# Savinelli 901 Rusticated Churchwarden - Review



## AStateJB (Oct 13, 2011)

Thanks to Jeff (commonsenseman) I am now a proud churchwarden owner! As promised here are pics and a quick review.

and: Savinelli
Country: Italy
Bowl Material: Briar
Finish: Rustic
Stem Material: Vulcanite
Shape: 901
Package: Box
Filter: None
Length: 10.63 in. / 269.96 mm.
Height 1.52 in. / 38.55 mm.
Bowl Outside Diameter: 1.52 in. X 1.17 in. / 38.70 mm. X 29.82 mm.
Bowl Inside Diameter: 0.85 in. X 0.54 in. / 21.69 mm. X 13.65 mm.
Bowl Depth: 1.26 in. / 32.03 mm.
Weight: 1.3 oz. / 37 g.

At a quick profile glance this Savinelli looks like a very traditional churchwarden, but a closer look reveals a thin oval shaped bowl. This shape fits the hand quite comfortably and holds more tobacco than expected. I was able to get roughly 4 grams of ribbon cut in with just a little room to spare.

The dark rusticated finish is well executed and fits this pipe beautifully. It also fits the bill for what I was looking for, a Middle Earth style churchwarden, perfectly. The stem seems to have a bit of a twist, but nothing that interferes with smokeability or comfort, and no other flaws. In fact that is the only flaw I have found and I'm sure it could be fixed fairly easily by someone who knows what they are doing.

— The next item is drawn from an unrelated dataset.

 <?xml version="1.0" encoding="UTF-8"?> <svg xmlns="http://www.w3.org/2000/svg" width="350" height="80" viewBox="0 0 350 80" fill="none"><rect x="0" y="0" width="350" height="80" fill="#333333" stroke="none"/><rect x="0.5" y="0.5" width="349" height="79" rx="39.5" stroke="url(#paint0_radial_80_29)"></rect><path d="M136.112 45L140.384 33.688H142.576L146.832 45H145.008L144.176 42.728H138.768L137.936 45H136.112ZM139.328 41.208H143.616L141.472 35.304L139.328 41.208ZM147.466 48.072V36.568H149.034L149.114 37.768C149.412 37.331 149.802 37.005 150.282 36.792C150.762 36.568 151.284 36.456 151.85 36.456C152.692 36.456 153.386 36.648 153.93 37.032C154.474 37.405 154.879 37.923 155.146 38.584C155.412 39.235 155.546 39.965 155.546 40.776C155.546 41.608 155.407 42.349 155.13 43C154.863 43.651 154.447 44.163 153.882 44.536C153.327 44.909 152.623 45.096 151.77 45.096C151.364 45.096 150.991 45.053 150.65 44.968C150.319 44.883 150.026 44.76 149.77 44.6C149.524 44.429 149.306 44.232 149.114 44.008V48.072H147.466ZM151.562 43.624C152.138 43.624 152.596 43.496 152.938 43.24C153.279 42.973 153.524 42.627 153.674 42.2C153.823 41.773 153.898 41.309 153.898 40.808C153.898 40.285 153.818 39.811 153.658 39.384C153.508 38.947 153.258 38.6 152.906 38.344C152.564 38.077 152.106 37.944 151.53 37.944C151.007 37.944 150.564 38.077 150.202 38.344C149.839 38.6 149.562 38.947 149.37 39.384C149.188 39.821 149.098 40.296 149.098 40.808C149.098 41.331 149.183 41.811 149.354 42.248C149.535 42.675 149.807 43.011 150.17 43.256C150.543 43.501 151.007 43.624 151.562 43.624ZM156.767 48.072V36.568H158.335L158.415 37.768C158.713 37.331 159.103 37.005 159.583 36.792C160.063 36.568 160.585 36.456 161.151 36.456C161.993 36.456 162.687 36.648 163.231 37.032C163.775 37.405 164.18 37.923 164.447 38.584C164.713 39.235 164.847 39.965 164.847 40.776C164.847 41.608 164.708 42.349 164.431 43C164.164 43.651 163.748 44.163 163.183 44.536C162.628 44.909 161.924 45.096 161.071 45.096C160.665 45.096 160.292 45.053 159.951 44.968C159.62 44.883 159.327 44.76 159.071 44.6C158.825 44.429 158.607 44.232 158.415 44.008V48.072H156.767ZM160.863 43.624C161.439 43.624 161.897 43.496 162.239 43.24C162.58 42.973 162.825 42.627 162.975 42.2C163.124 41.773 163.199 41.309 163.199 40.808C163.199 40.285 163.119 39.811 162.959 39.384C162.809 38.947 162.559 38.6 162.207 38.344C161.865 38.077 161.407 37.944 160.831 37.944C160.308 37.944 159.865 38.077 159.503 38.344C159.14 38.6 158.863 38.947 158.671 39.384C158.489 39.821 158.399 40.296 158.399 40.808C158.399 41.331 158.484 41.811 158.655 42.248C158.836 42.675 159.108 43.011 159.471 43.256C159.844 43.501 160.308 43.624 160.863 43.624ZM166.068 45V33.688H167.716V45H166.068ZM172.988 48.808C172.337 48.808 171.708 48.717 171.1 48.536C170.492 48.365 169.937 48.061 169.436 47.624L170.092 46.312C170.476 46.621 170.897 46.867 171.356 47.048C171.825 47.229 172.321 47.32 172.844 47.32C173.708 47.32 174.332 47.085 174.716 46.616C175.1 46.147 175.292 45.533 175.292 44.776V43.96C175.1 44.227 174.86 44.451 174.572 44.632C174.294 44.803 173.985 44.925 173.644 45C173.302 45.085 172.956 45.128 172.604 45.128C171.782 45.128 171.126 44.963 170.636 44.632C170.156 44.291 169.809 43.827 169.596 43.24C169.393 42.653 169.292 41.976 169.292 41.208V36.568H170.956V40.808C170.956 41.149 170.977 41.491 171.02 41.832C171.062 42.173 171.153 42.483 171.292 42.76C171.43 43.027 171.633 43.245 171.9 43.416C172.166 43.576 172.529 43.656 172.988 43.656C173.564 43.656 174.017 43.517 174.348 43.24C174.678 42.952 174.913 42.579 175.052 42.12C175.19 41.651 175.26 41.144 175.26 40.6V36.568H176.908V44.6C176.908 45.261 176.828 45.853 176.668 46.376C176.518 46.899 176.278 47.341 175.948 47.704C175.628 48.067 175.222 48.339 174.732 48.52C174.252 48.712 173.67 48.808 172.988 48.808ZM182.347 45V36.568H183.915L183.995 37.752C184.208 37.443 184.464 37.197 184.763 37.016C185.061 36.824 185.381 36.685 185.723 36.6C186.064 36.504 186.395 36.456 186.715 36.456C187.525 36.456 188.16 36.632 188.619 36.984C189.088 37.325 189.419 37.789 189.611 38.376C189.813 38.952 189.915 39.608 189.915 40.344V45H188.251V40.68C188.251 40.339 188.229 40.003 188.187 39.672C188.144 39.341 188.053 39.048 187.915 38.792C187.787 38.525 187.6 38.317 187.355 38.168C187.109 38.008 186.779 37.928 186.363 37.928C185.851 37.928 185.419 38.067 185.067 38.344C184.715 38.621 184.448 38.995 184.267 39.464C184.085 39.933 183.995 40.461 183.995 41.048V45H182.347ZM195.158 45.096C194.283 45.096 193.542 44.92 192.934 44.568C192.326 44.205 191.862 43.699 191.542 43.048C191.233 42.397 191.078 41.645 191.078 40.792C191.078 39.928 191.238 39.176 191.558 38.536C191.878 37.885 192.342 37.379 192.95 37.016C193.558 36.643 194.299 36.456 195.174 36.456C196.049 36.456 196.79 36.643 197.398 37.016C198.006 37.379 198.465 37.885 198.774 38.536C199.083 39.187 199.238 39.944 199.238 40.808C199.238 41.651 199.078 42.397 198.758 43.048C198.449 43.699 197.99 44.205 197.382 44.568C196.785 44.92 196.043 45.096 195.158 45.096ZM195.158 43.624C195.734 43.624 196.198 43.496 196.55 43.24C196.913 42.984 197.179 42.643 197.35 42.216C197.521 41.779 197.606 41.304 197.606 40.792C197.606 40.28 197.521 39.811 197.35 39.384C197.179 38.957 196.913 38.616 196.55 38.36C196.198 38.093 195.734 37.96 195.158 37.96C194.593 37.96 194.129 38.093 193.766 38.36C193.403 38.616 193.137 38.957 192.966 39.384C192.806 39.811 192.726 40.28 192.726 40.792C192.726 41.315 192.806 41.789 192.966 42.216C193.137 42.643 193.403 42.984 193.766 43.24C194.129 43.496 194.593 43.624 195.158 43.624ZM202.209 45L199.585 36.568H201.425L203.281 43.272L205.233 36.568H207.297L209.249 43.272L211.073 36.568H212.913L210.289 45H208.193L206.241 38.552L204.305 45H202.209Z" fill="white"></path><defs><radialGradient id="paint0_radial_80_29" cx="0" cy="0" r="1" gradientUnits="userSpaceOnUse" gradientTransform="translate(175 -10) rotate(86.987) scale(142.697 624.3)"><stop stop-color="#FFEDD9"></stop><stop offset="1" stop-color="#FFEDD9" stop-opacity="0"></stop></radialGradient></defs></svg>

With the shape of the bowl the draft hole is at the near end so lighting takes a little practice. Holding my Zippo pipe lighter over the center of the bowl actually gave a slightly off center light. This is easily solved, though, by holding the lighter slightly toward the far end. If relighting is necessary, the farther into the bowl you are, the farther down the bowl you have to light to get an even burn. Loading takes a little more attention as well in order to get the baccy packed evenly, but not too much.

Once well lit this pipe smokes like a dream. It did develop some gurgle but that was the fault of wet baccy, not the pipe. The smoke was cool just like it should be from a churchwarden. I did have several relights, but once again, not the fault of the pipe, and when I was done there was very little dottle.

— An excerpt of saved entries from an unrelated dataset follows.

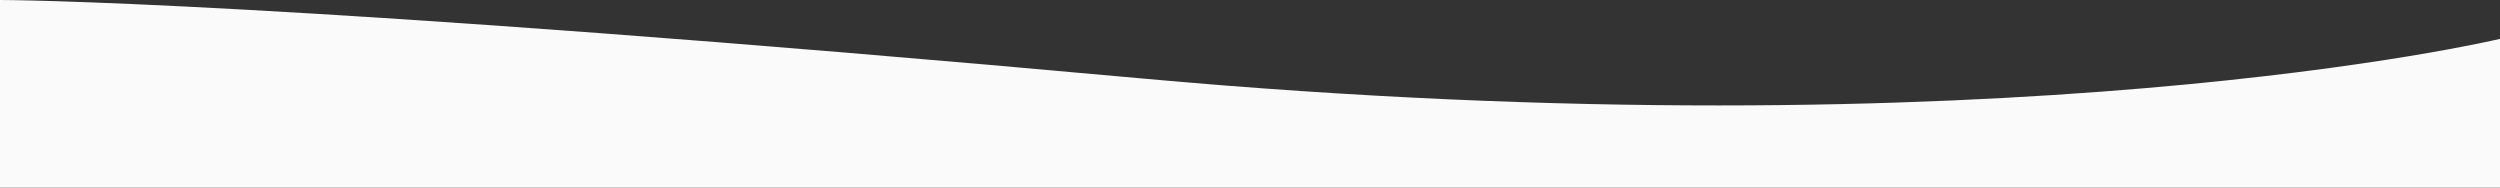 <svg
  xmlns="http://www.w3.org/2000/svg"
  fill="none"
  preserveAspectRatio="xMinYMin slice"
  viewBox="0 0 2400 180"
>
  <rect x="0" y="0" width="2400" height="180" fill="#333333" stroke="none"/>
  <g>
    <path
      fill="#FAFAFA"
      fill-rule="evenodd"
      d="M0 180V0s266.67-.062 1096.67 75.358C1926.67 150.776 2400 37.306 2400 37.306V180H0Z"
      clip-rule="evenodd"
    />
  </g>
</svg>

Thanks for reading and happy piping! p


----------



## Packerjh (Nov 29, 2009)

Well done and a fantastic pipe!


----------



## AStateJB (Oct 13, 2011)

Thanks, Jason.


----------



## mcgreggor57 (Nov 3, 2011)

Great review. Did the extra length feel odd?


----------



## AStateJB (Oct 13, 2011)

mcgreggor57 said:


> Great review. Did the extra length feel odd?

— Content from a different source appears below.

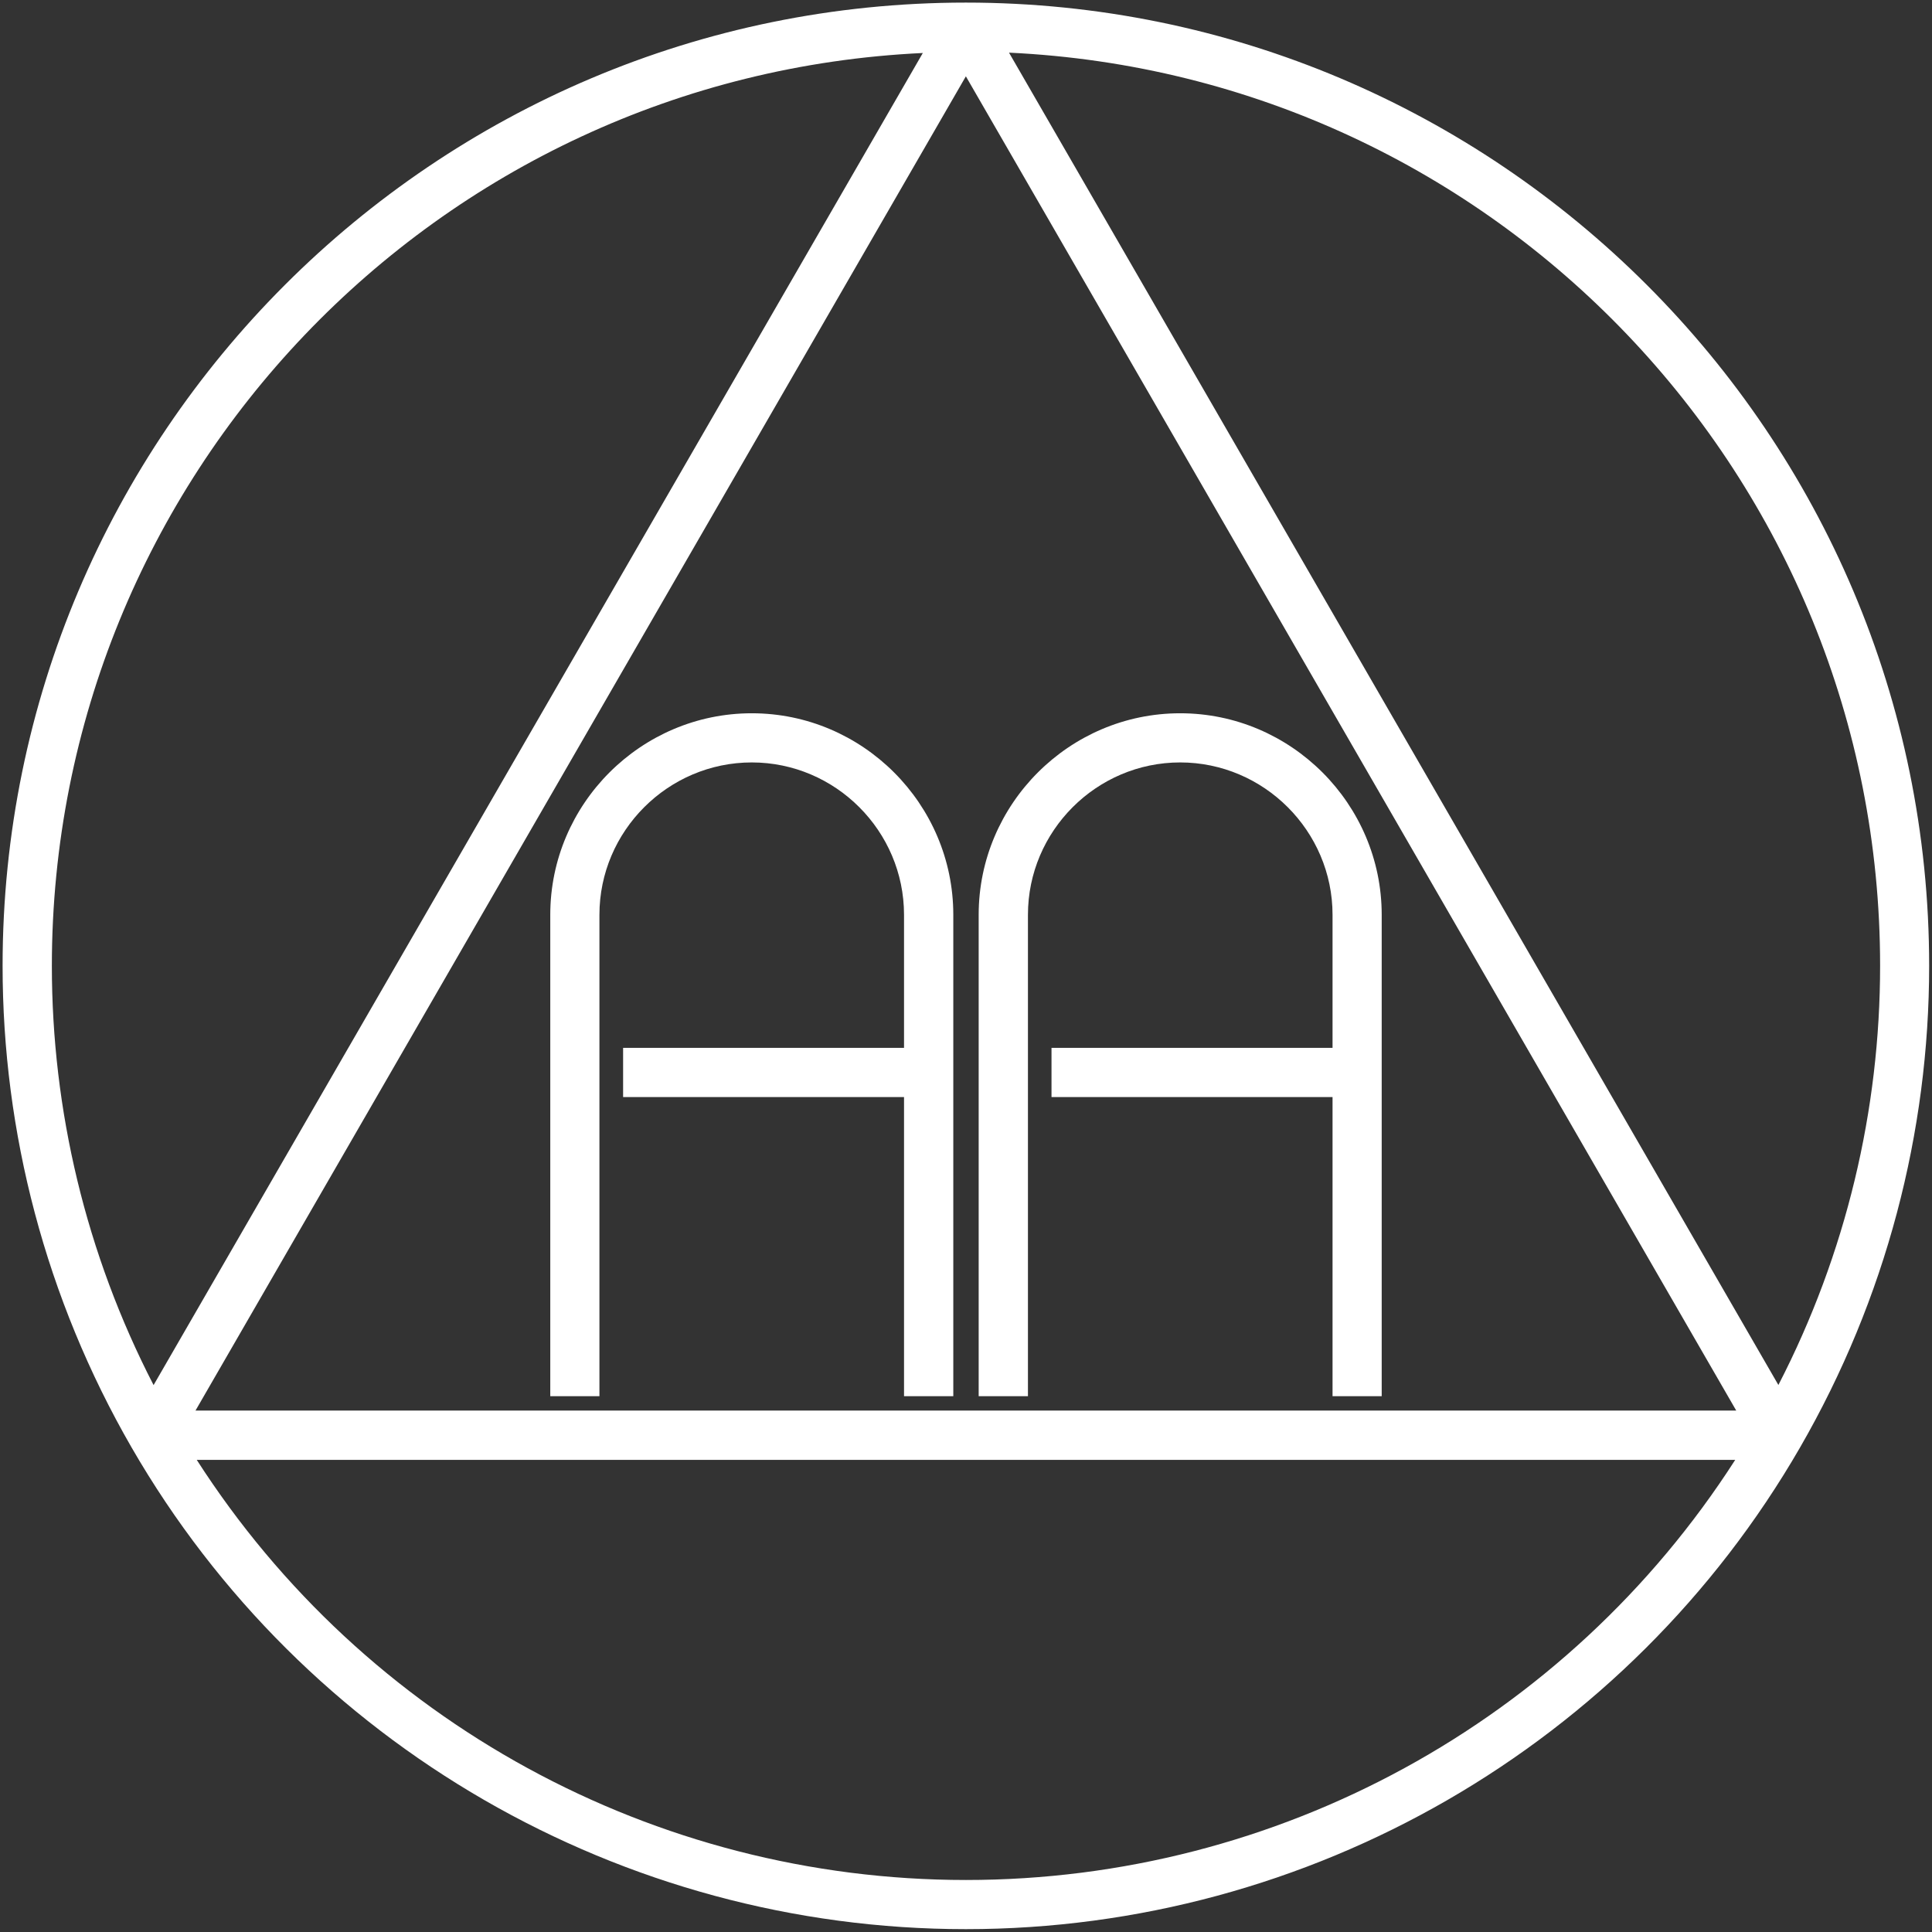 <?xml version="1.0" encoding="UTF-8"?> <svg xmlns="http://www.w3.org/2000/svg" width="533" height="533" viewBox="0 0 533 533" fill="none"><rect x="0" y="0" width="533" height="533" fill="#333333" stroke="none"/><path fill-rule="evenodd" clip-rule="evenodd" d="M54.277 402.746C100.659 474.994 180.571 518.652 266.496 518.652C352.421 518.652 432.297 475.029 478.714 402.746H478.683H54.277ZM325.589 196.777C356.168 196.777 381.183 221.792 381.183 252.371V385.183H367.621V302.652H290.089V289.09H367.621V252.371C367.621 229.268 348.692 210.34 325.589 210.34C302.487 210.34 283.589 229.268 283.589 252.371V385.183H269.996V252.371C269.996 221.792 295.011 196.777 325.589 196.777ZM207.402 196.777C237.981 196.777 262.996 221.792 262.996 252.371V385.183H249.402V302.652H171.902V289.09H249.402V252.371C249.402 229.268 230.504 210.34 207.402 210.34C184.3 210.34 165.371 229.268 165.371 252.371V385.183H151.808V252.371C151.808 221.792 176.823 196.777 207.402 196.777ZM266.464 21.058L53.933 389.152H53.964H478.995L266.464 21.058ZM254.589 14.621C120.202 20.927 14.325 131.798 14.308 266.465C14.308 306.185 23.662 345.873 42.371 382.121L254.589 14.621ZM278.402 14.527V14.59L490.621 382.09C509.329 345.842 518.683 306.154 518.683 266.433C518.683 131.752 412.8 20.87 278.402 14.527ZM266.464 0.715C413.087 0.715 532.215 119.807 532.215 266.465C532.215 312.315 520.33 358.202 496.59 399.34C449.145 481.509 361.354 532.215 266.464 532.215C171.575 532.215 83.753 481.509 36.308 399.34C12.568 358.202 0.715 312.315 0.715 266.465C0.715 119.807 119.842 0.715 266.464 0.715Z" fill="white"></path></svg>

Only when I was lighting... Other than that it was actually pretty comfortable. It kept my arm in a more relaxed position and I could get lazy and rest my elbow on my desk without really having to lean forward. :lol:


----------



## commonsenseman (Apr 18, 2008)

Great review!


----------



## AStateJB (Oct 13, 2011)

Thanks, Jeff.  And thanks again for the pipe!


----------



## Merkonakis (Nov 10, 2012)

Beautiful pipe and nice review!


----------



## AStateJB (Oct 13, 2011)

Thank you, Scott.


----------



## Desertlifter (Feb 22, 2011)

Nice review - what tobacco did you use?


----------



## AStateJB (Oct 13, 2011)

Thanks, Brian. The inaugural bowl was Longbottom Leaf from Just For Him. It seemed fitting.


----------



## Packerjh (Nov 29, 2009)

Awesome...Longbottom...should be from the Shire!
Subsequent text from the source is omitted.